YOUR INSTRUCTIONS
Please give the lines below again exactly as they stand, from the one that contains "Inside a soft" up to and including the one that contains "Touch camera, home-made", leaving all pictures out.

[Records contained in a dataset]
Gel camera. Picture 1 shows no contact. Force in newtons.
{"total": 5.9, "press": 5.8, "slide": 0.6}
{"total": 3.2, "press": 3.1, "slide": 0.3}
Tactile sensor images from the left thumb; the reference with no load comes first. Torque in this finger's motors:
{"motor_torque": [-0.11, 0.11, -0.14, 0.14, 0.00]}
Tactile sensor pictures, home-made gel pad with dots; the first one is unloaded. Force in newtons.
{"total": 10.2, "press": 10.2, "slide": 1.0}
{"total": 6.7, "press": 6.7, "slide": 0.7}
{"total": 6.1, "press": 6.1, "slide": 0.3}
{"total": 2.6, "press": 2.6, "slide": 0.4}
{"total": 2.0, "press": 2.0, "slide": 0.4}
* * *
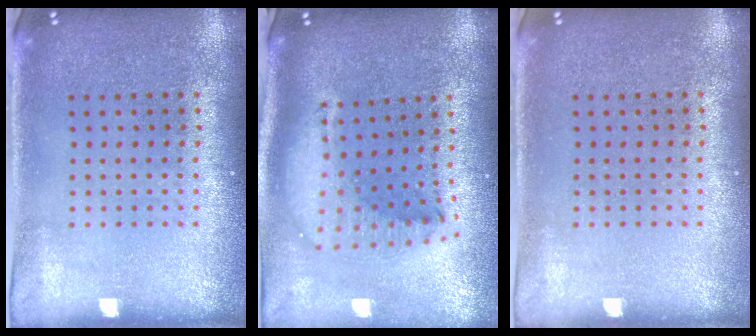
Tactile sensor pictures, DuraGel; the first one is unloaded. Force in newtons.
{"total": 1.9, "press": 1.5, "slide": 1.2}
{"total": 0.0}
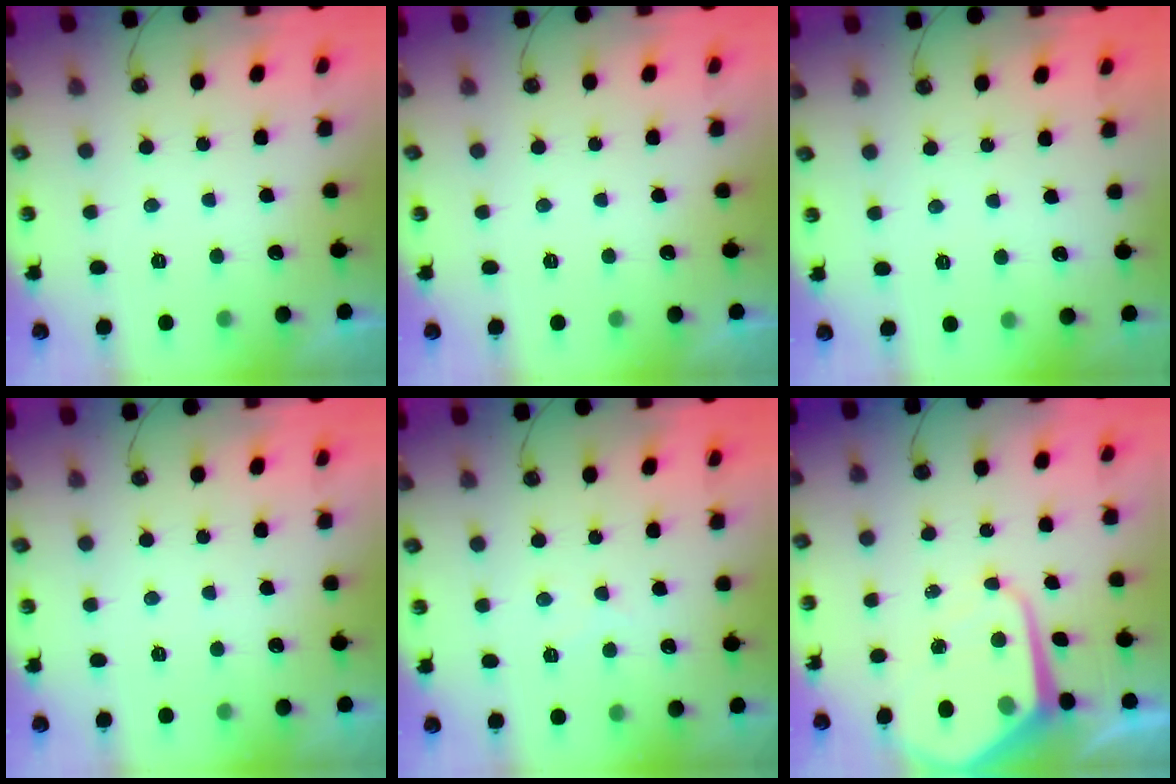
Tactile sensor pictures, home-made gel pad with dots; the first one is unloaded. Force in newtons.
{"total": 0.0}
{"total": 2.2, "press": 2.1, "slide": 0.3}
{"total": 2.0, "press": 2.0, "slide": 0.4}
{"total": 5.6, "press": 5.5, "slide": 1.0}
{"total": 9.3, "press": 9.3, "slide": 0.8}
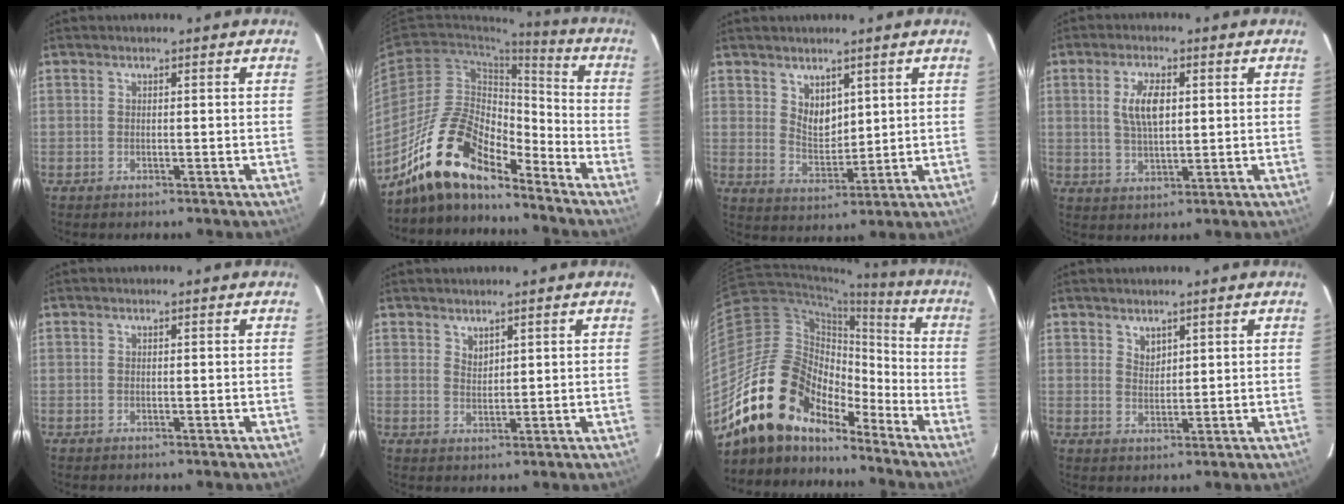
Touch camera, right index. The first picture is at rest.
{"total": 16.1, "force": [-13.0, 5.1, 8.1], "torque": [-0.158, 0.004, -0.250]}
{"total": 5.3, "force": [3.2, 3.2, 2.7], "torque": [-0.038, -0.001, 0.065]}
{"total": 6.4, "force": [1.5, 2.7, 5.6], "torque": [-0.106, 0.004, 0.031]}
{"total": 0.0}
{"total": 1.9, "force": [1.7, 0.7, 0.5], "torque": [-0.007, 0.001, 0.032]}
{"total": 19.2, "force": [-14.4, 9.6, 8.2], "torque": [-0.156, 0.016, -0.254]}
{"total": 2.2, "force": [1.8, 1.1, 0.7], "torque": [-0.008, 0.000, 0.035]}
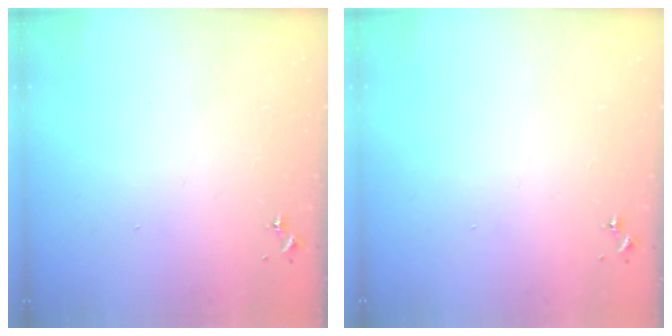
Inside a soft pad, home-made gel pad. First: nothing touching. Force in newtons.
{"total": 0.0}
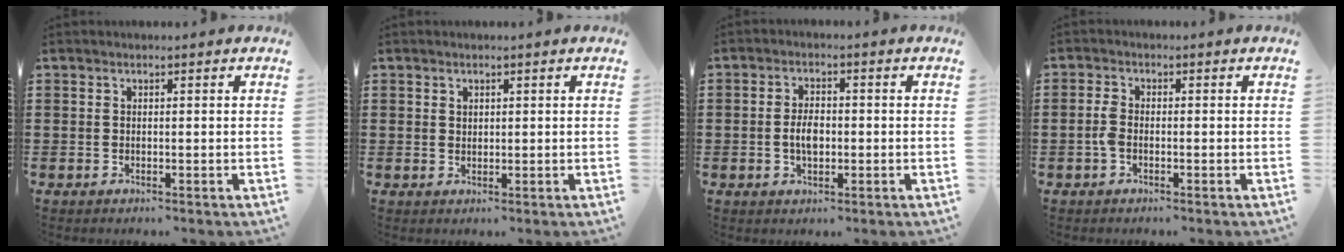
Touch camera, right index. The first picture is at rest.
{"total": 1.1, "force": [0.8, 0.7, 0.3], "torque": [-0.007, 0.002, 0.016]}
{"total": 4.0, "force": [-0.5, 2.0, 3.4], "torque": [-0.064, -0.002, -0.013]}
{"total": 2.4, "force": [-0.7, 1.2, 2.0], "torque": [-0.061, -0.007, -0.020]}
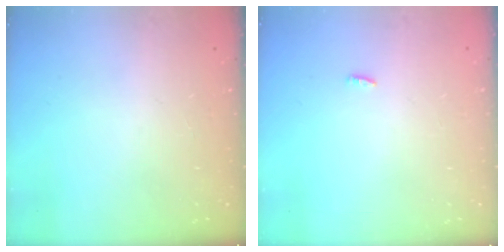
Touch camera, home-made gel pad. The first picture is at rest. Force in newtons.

SOLVED EXERCISE
Inside a soft pad, home-made gel pad. First: nothing touching. Force in newtons.
{"total": 0.0}
Touch camera, right index. The first picture is at rest.
{"total": 1.1, "force": [0.8, 0.7, 0.3], "torque": [-0.007, 0.002, 0.016]}
{"total": 4.0, "force": [-0.5, 2.0, 3.4], "torque": [-0.064, -0.002, -0.013]}
{"total": 2.4, "force": [-0.7, 1.2, 2.0], "torque": [-0.061, -0.007, -0.020]}
Touch camera, home-made gel pad. The first picture is at rest. Force in newtons.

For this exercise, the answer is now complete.